Les partisans du recrutement intuitif vous répondront que le feeling est la première qualité d’un vendeur, sa capacité à « sentir » les situations, les personnes.

D’ailleurs, ils n’ont pas tort : les compétences commerciales sont avant tout des « savoir être », et des « savoir faire », et non des « savoirs ».

Ensuite, les métiers de la vente sont des métiers relationnels. Et dans une relation, on est (au moins) deux. Evaluer une personne implique une relation avec le recruteur, qui n’est par définition pas complètement neutre.
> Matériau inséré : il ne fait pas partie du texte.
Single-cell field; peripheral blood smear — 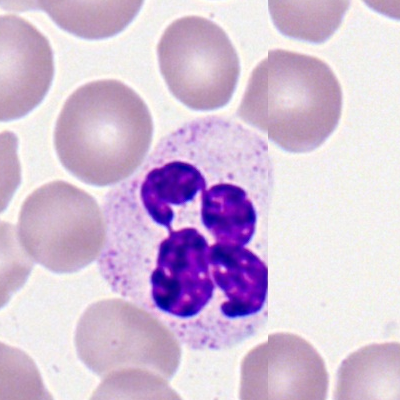
Impression → segmented neutrophil.
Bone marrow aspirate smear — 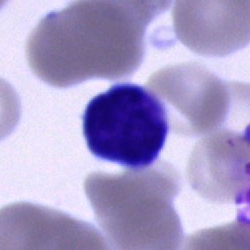
Single cell identified as a lymphocyte.
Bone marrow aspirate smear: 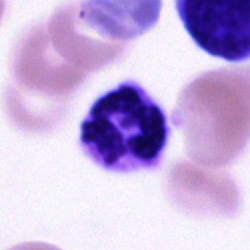 A segmented neutrophil.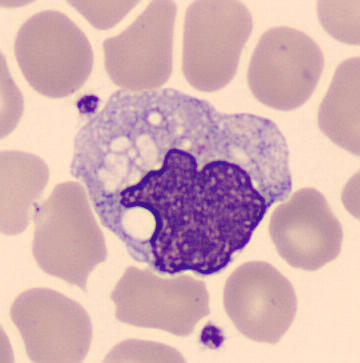Q: Identify the cell.
A: A monocyte.
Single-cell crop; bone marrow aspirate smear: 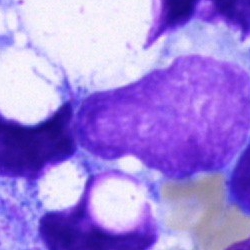

Impression → blast cell.
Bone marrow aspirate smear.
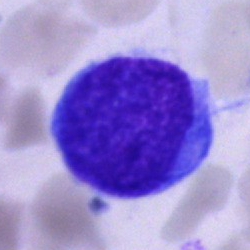Showing an unidentifiable cell.
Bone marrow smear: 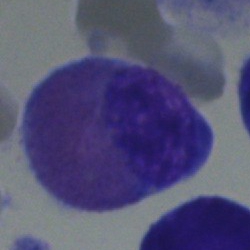Q: What type of cell is this?
A: It is an eosinophilic granulocyte.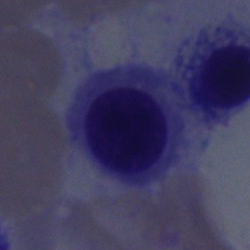Morphology consistent with a nucleated red blood cell.
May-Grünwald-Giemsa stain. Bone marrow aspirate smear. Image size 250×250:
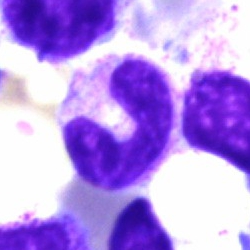 Showing a stab cell.
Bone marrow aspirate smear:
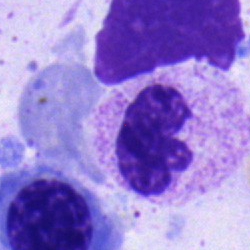

A stab cell.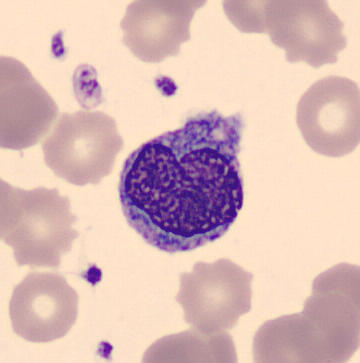

Preparation: Peripheral blood smear · 360 by 363 pixels. Impression → monocyte.
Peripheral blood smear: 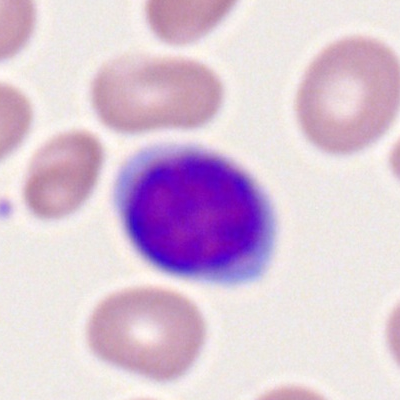 A lymphocyte.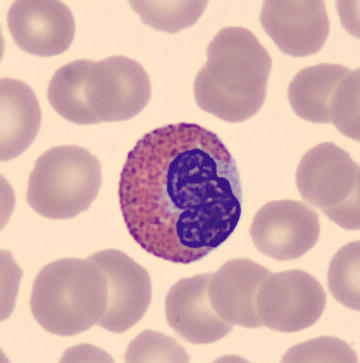

Classification: eosinophil.
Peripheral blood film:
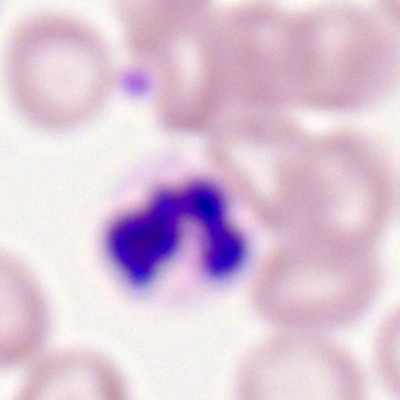
Single cell identified as a segmented neutrophil.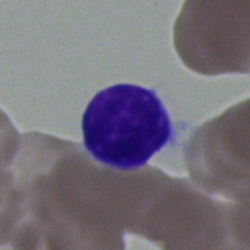
Cell type: lymphocyte.
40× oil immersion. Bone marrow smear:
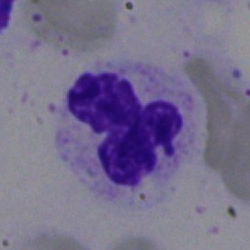

Classification: polymorphonuclear neutrophil.
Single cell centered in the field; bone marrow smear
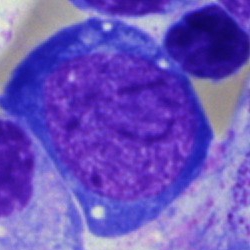A proerythroblast.
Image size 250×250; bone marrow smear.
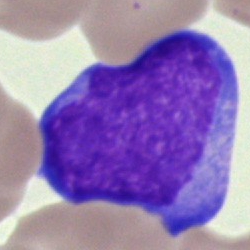Q: What type of cell is this?
A: Blast cell.
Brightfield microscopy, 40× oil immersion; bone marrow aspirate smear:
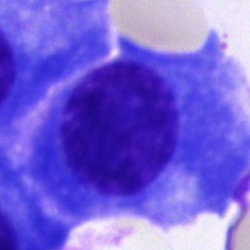
Specimen: bone marrow aspirate smear.
Cell type: plasma cell.
Lineage: lymphoid.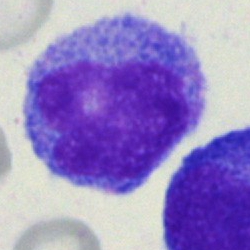

Cell type — progranulocyte.
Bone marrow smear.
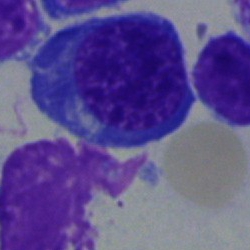 Showing a pronormoblast.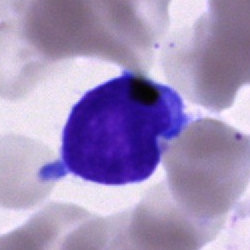Classification — cell of indeterminate lineage.
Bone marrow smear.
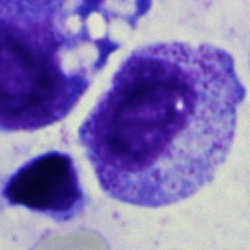

A proerythroblast.

Par exemple, l’enthousiasme d’un candidat est une qualité que le recruteur ressent lors de l’entretien, dans l’instant de la relation. Et il se dit, bien sur, « il saura communiquer cet enthousiasme à mes clients »

Intuition et biais

Mais un candidat enthousiaste lors de l’entretien sera-t-il enthousiaste avec vos clients ? Rien n’est moins sur.

Par exemple, il peut tout simplement chercher à ressembler au « stéréotype » du commercial énergique et positif que toutes les entreprises recherchent. C’est le biais de « désirabilité sociale ».
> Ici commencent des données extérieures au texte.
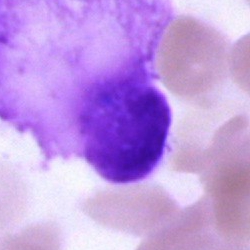 Specimen: bone marrow smear.
Cell: artefact.
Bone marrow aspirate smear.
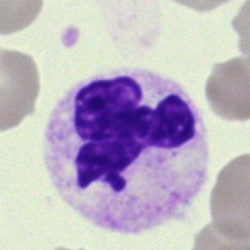

The cell is polymorphonuclear neutrophil.
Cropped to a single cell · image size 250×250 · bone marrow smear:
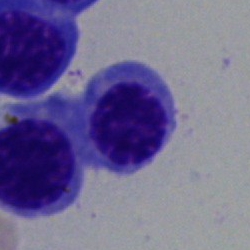 This is a nucleated red cell.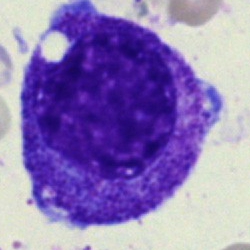
The cell is progranulocyte.
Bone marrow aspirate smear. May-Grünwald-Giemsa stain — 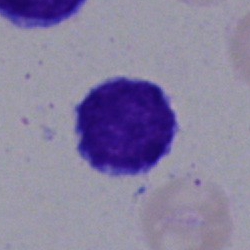Impression → lymphocyte.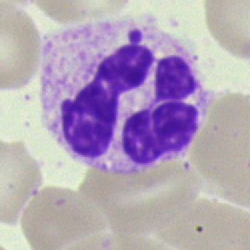 Q: Which cell type is shown here?
A: It is a polymorphonuclear neutrophil.
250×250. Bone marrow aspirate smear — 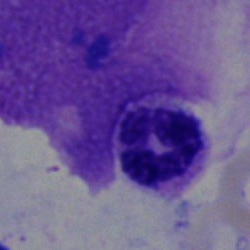 Specimen: bone marrow smear.
Classification: segmented neutrophil.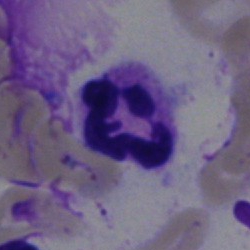 {"cell_type": "polymorphonuclear neutrophil"}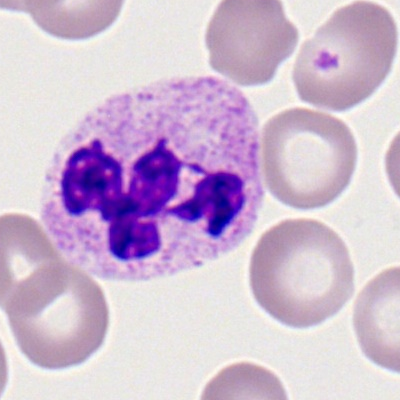Q: What is shown here?
A: This is a segmented neutrophil.
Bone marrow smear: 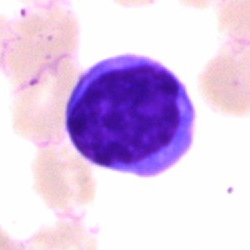 Cell type: typical lymphocyte.
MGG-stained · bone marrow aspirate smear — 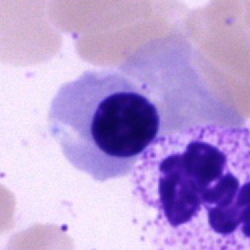

Specimen: bone marrow smear.
Cell type: erythroblast.
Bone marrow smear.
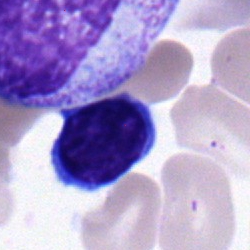
A nucleated red cell.
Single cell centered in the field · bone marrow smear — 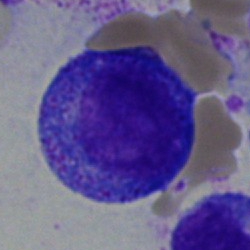

Specimen: bone marrow smear.
Cell: progranulocyte.

D’autres biais cognitifs suivent le même principe : notre jugement est parfois « dominé» par notre intuition, sans que nous nous en rendions toujours compte.

Les biais de la « poignée de main »

Solomon Asch montrait, dés les années 40, que nous devons nous méfier de nos premières impressions, car nous avons tendance à ne sélectionner et à n’interpréter que certaines informations (la poignée de main du vendeur).

Ce biais, bien connu sous le terme d’ « effet de halo », peut être ensuite renforcé par le « biais de confirmation ». Nous avons en effet tendance à rechercher des preuves soutenant nos croyances existantes (cf. les travaux de Peter Wason), plutôt que de les remettre en cause.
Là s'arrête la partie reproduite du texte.